Сын Альбиона (Жена-дитя), (Жена-девочка) - Рид Томас Майн. Страница 34
Джули едва не выразила пожелание, чтобы его светлость оказался на дне моря. Но зная, что это рассердит мать, сохранила свое пожелание при себе. Она едва успела переодеться для выхода, как объявили о приходе упомянутого джентльмена. Это по-прежнему был просто мистер Суинтон, по-прежнему инкогнито — «по тайному делу на службе британского правительства». Так он под большим секретом объяснил миссис Гирдвуд.
Вскоре пришли Лукас и Спиллер.
Вся компания решила прогуляться по бульвару, а потом пообедать в кафе «Риш», «Ройял» или «Мазон Дор». С этой незамысловатой программой все шестеро вышли из отеля «Лувр».
Глава XXXII
НА БУЛЬВАРЕ
В тот же день второго сентября мужчина, прогуливавшийся по бульвару, сказал самому себе:
«Что-то плохое должно случиться в веселом городе Париже. Я чувствую тревогу в атмосфере».
Мужчина, сделавший это замечание, был капитан Мейнард. Он прогуливался один, только накануне прибыв в Париж.
Его присутствие во французской столице можно объяснить тем, что он прочел в газете о приезде туда сэра Джорджа Вернона. В газете сообщалось, что сэр Джордж приехал туда после посещения многих стран Европы, где выполнял какое-то важное тайное поручение английского правительства и принимал участие в совещаниях с послами Англии.
Кое-что из этого Мейнард знал и сам. Он не забыл приглашения, сделанного баронетом на ливерпульской пристани. Вернувшись из венгерской экспедиции, он сразу отправился в Кент, в «Семь Дубов». Но приехал слишком поздно и опять испытал разочарование. Сэр Джордж только что выехал на континент, взяв с собой дочь. Он уехал на год, если не больше. Это все, что смог сообщить дворецкий.
Не очень много об уехавшем баронете смог Мейнард узнать и в Лондоне. Только слух в политических кругах, что ему доверили какое-то тайное поручение к европейским дворам.
О степени секретности миссии говорило то, что сэр Джордж путешествовал инкогнито. Поэтому Мейнард, тщательно изучавший газеты, так и не смог узнать о его местопребывании.
Он продолжал ежедневно расспрашивать, но все безуспешно, и лишь несколько месяцев спустя нашел нужное упоминание.
Сохранил ли он веру в предчувствие, о котором так уверенно говорил несколько раз?
Если и верил, это не помешало ему поехать в Париж, чтобы подтолкнуть судьбу.
Он по-прежнему хотел этого.
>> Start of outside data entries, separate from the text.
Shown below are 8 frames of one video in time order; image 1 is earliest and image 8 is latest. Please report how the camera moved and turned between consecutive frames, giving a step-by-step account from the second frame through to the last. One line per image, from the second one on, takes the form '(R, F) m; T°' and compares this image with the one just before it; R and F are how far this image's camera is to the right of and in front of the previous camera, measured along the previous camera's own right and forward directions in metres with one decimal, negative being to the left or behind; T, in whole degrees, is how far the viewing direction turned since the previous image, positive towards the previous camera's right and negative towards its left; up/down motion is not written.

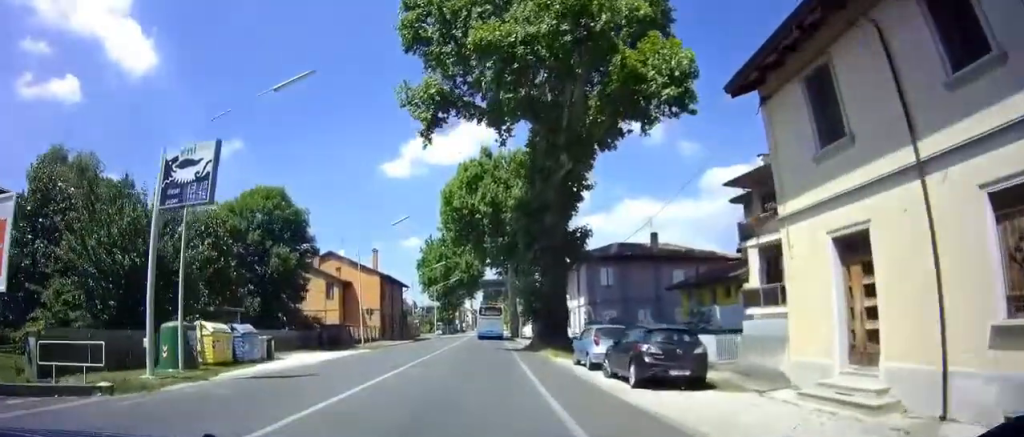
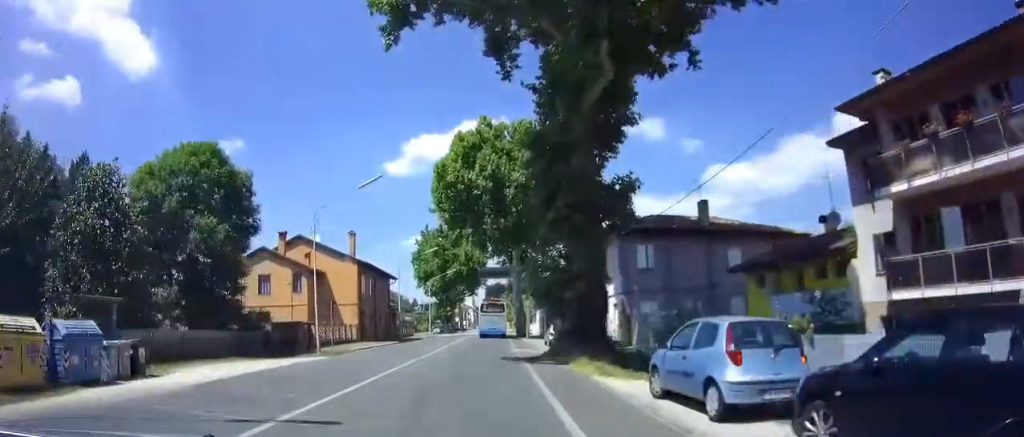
(+0.1, +10.2) m; -1°
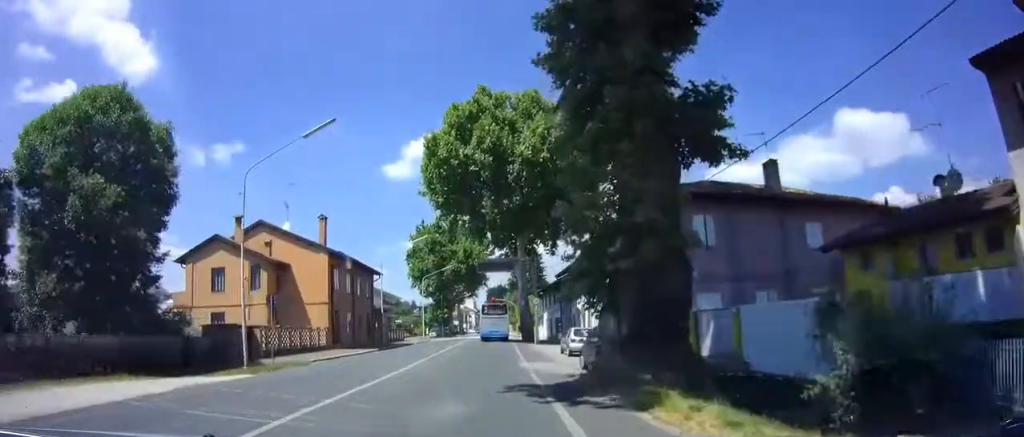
(-0.2, +8.3) m; -1°
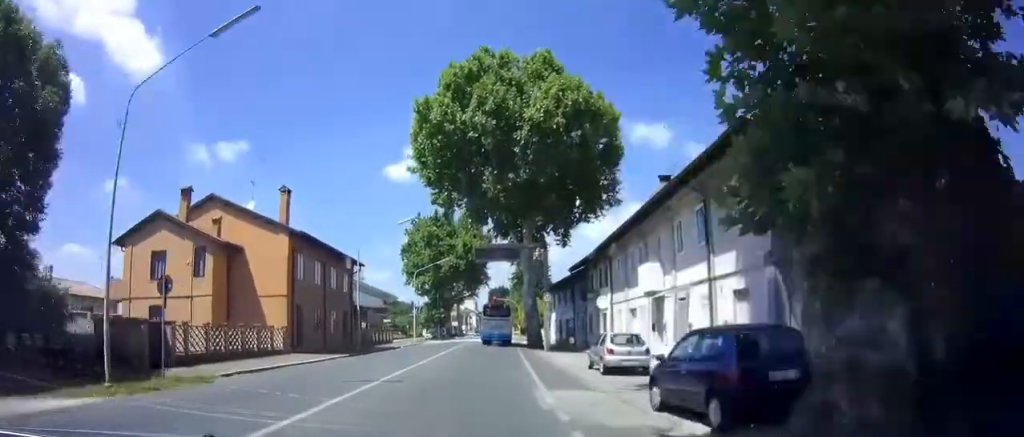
(0.0, +8.0) m; 0°
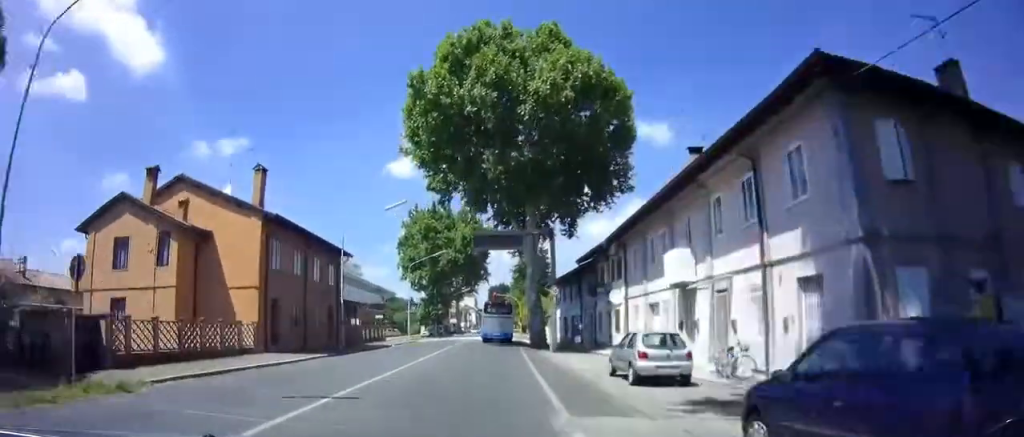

Но та настойчивость, с которой он отыскивал следы баронета, поспешность, с какой была совершена поездка в Париж, и упорство, с которым он разузнавал парижский адрес английского вельможи — все это свидетельствовало, что Мейнард совсем не фаталист.
За те двадцать четыре часа, что он провел в Париже, Мейнард расспрашивал во всех отелях, где мог остановиться такой гость. Но не нашел сэра Джорджа Вернона, английского баронета.
Наконец он решил попытаться навести справки в английском посольстве. Но на это был отведен следующий день, а пока, подобно всем иностранцам, Мейнард отправился погулять по бульвару.
Он уже дошел до Монмартра, когда ему в голову пришла мысль, приведенная выше.
Вряд ли ее подсказало то, что он видел. Навстречу ему и рядом с ним шли парижане, граждане свободной республики, сами выбравшие своего президента. Добродушный буржуа, с женой слева, с красавицей дочерью справа. За буржуа стайка легкомысленно одетых гризеток, [99] а дальше парочка представителей золотой молодежи, обменивающихся остроумными замечаниями.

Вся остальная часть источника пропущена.